Bessel (1784-1846), who speculated that the error had not been due to incompetence but to individual differences among observers. Bessel set out to compare his observations with those of his colleagues and indeed found systematic differences among them. This was the first reaction-time study, and it was used to correct differences among observers. This was done by calculating personal equations. For example, if 8/10ths of a second was added to Kinnebrook’s reaction time, his observations could reliably be equated with Maskelyne’s. Bessel found systematic differences among individuals and a way to compensate for those differences, but his findings did not have much impact on the early development of psychology.
Why did physiologists and scientists in the 17th and 18th century take to examining physical differences in lieu of Galileo’s primary and secondary qualities?
Because the most likely source of the discrepancy was the responding organism, physical scientists had reason to be interested in the biological processes by which organisms interact with the physical world.
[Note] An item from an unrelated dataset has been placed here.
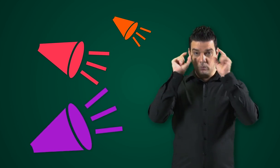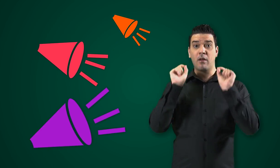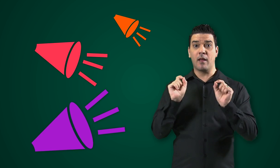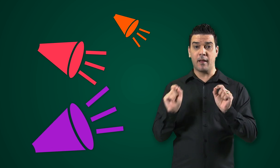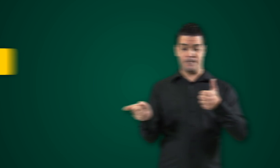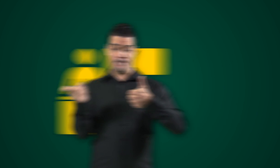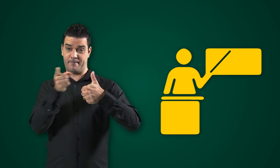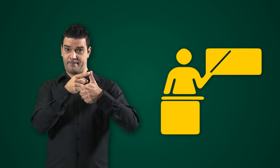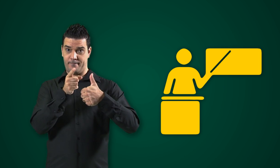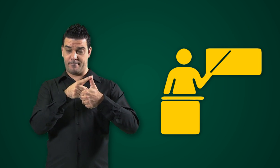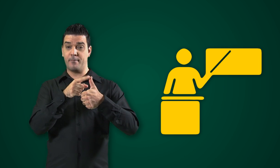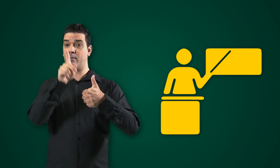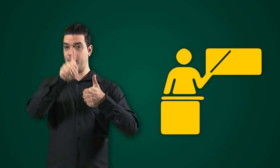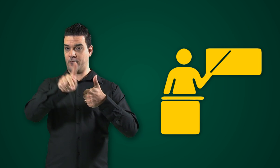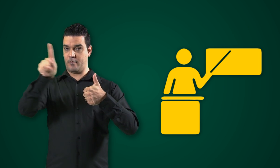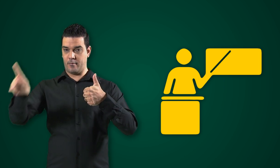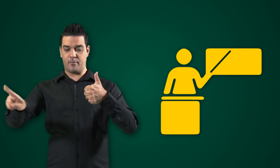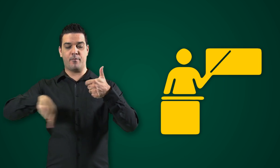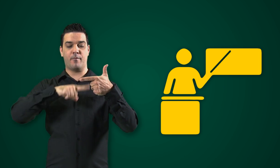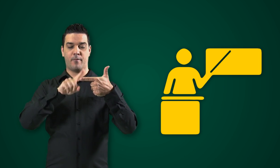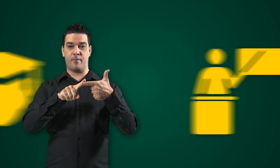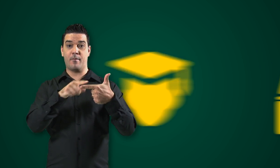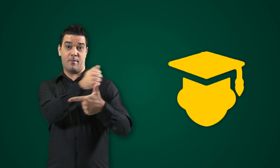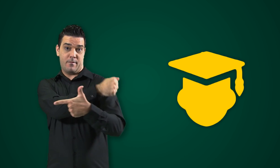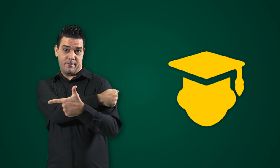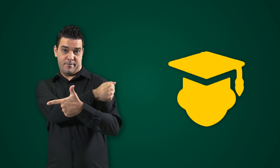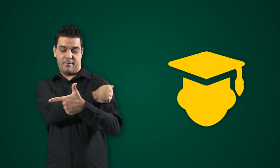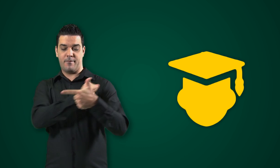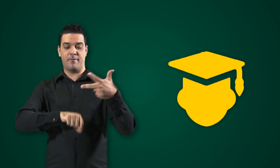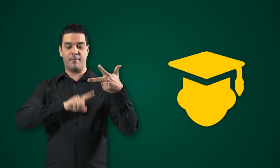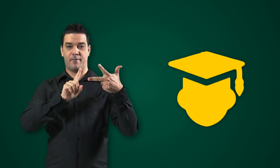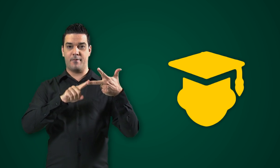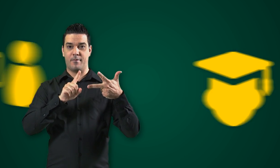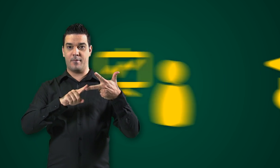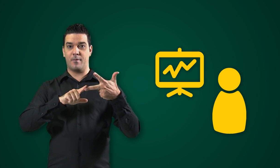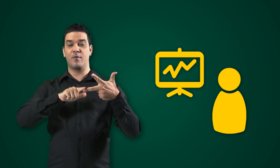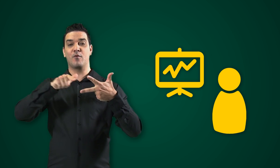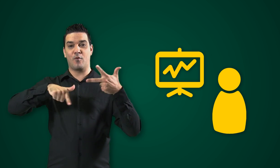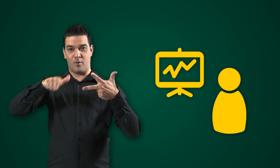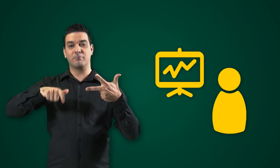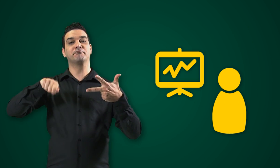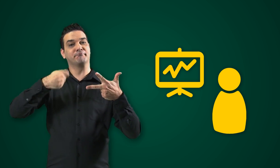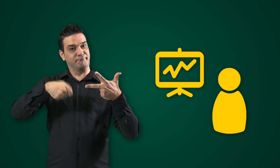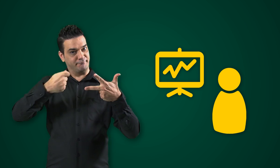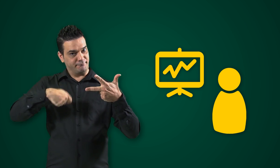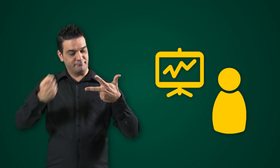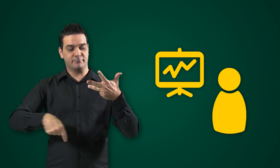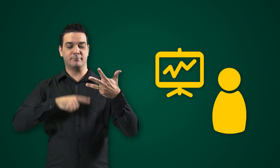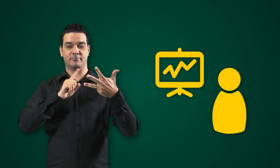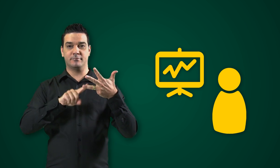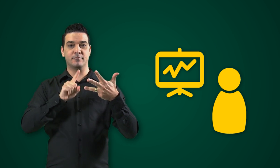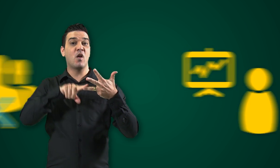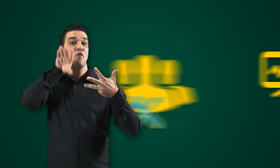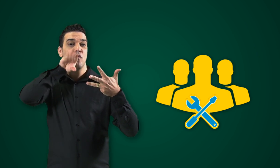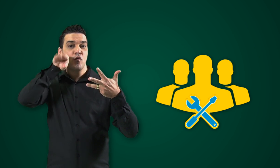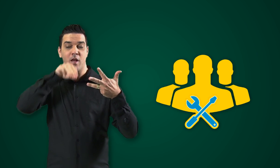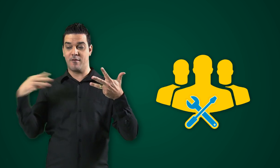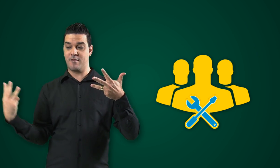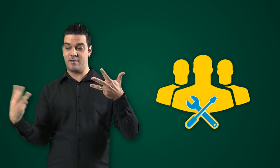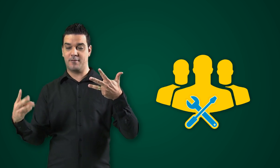de docentes, discentes, técnicos administrativos, funcionários terceirizados

Physiologists studied the nature of nerves, neural conduction, reflexive behavior, sensory perception, brain functioning, and, eventually, the systematic relationship between sensory stimulation and sensation.
Bell-Magendie Law
There are two types of nerves: sensory nerves carrying impulses from the sense receptors to the brain and motor nerves carrying impulses from the brain to the muscles and glands of the body.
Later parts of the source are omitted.